> **PROMPT**: Go through the data below and gather each line containing "Träger".

··· SUPPLIED INFORMATION

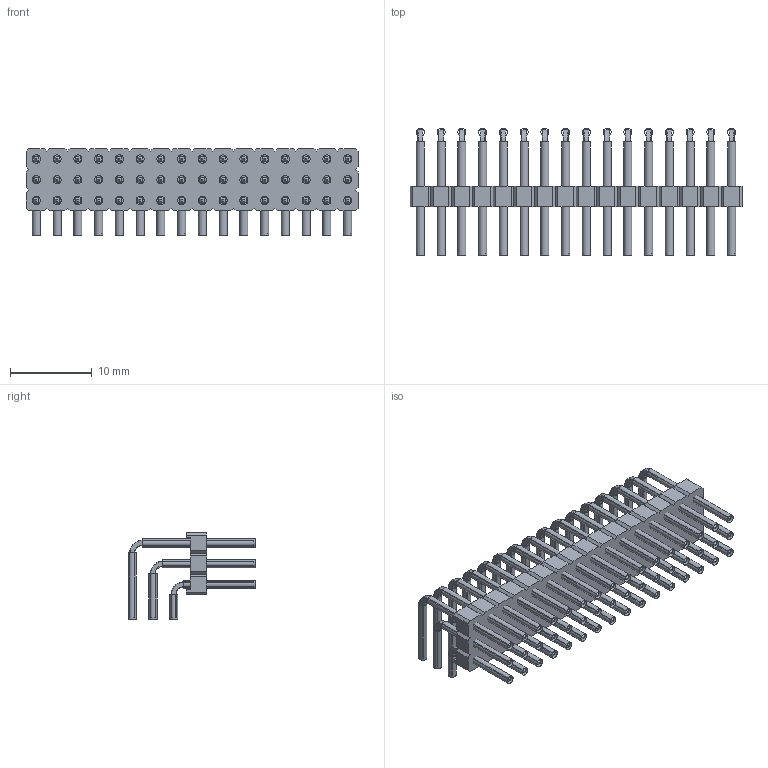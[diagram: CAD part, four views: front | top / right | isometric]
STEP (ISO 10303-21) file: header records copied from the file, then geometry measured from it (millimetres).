
FILE_DESCRIPTION(/* description */ ('-'),/* implementation_level */ '2;1');
FILE_NAME(/* name */ 'Stiftleiste, RM 2,54 mm - 6-3 mm, gewinkelt 90° stehend - 3 x 16 - schwarz',/* time_stamp */ '2022-04-29T19:05:02+02:00',/* author */ ('c.wilms'),/* organization */ ('-'),/* preprocessor_version */ 'ST-DEVELOPER v16.7',/* originating_system */ 'Solid Edge',/* authorisation */ 'Unknown');
FILE_SCHEMA (('AUTOMOTIVE_DESIGN {1 0 10303 214 3 1 1}'));
Length unit declared in the file: millimetre
Products named in the file (5): Stiftleiste, RM 2,54 mm - 6-3 mm, gewinkelt 90° stehend - 3 x 16 - sc
hwarz; Stiftleiste, RM 2,54 mm - Träger - 3 x 16 - schwarz; Stiftleiste, RM 2,54 mm - Stift, Reihe 1 -  6-3 mm, gewinkelt 90° ste
hend; Stiftleiste, RM 2,54 mm - Stift, Reihe 3 -  6-3 mm, gewinkelt 90° ste
hend; Stiftleiste, RM 2,54 mm - Stift, Reihe 2 -  6-3 mm, gewinkelt 90° ste
hend
Assembly tree (49 placements, depth 2):
  Stiftleiste, RM 2,54 mm - 6-3 mm, gewinkelt 90° stehend - 3 x 16 - sc
hwarz
    Stiftleiste, RM 2,54 mm - Träger - 3 x 16 - schwarz
    Stiftleiste, RM 2,54 mm - Stift, Reihe 1 -  6-3 mm, gewinkelt 90° ste
hend  x16
    Stiftleiste, RM 2,54 mm - Stift, Reihe 3 -  6-3 mm, gewinkelt 90° ste
hend  x16
    Stiftleiste, RM 2,54 mm - Stift, Reihe 2 -  6-3 mm, gewinkelt 90° ste
hend  x16
Bounding box: 40.64 x 15.64 x 10.62 mm (x, y, z)
Volume: 972.6 mm3; surface area: 5919.4 mm2
Topology: 49 solids, 145 shells, 2036 faces, 5430 edges, 3492 vertices
Faces by surface type: plane 1076, cylinder 768, torus 192
Full cylindrical faces by diameter (mm): 1 x96
Entity records: 20463 total; most frequent: CARTESIAN_POINT 3532, DIRECTION 3518, ORIENTED_EDGE 3456, EDGE_CURVE 1734, LINE 1242, VECTOR 1242, VERTEX_POINT 1152, AXIS2_PLACEMENT_3D 1138

······

> **EXERCISE ANSWER**:
hwarz; Stiftleiste, RM 2,54 mm - Träger - 3 x 16 - schwarz; Stiftleiste, RM 2,54 mm - Stift, Reihe 1 -  6-3 mm, gewinkelt 90° ste
    Stiftleiste, RM 2,54 mm - Träger - 3 x 16 - schwarz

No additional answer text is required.